The Transportation Safety Board was expected to have at least six investigators at the scene, said spokesman Chris Krepski.

“The first phase that we’re in right now is the data-gathering phase where we gather as much information as possible from all the different sources,” said Krepski, who added it’s too early to speculate on the cause.

“They are gathering information as to what the train was doing just prior to the accident.”

A key piece of evidence will be the train’s equivalent of a black box, which recorded the event.

The train came off the tracks at Plains Road and King Road near Aldershot station. It was not immediately known how fast the train was travelling, and conditions were clear and dry at the time.

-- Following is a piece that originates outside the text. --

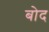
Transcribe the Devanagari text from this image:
बोद
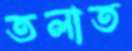
তলাত

When Matt Kernaghan heard about the crash, he immediately guessed where it had happened, saying he’s seen the aftermath of two previous derailments there.

“A lot of trains come through here, so yeah, maybe it’s just the frequency of trains that causes the derailments,” he said.

“It’ll be on my mind when I ride the train from now on that it can derail at any minute,” he said, adding he still thinks the train is safer than driving.

Dorthy Beattie, who lives near the crash site, said she started hearing helicopters overhead around 3:30 p.m.

“I knew there was something amiss but I didn’t know what and I honestly did not hear it derailing,” Beattie said.

“So I had a little walk out just to have a look and it’s like a World War Three zone around here.”

Highway 403 was shut down in the area and GO Transit said its commuter trains were being turned back at Burlington for an “extended period.”

The rail corridor carries both freight and passenger trains and bustles with rush-hour commuter traffic during the weekday.

Via is asking people seeking information about passengers on the train to call 1-888-842-6141.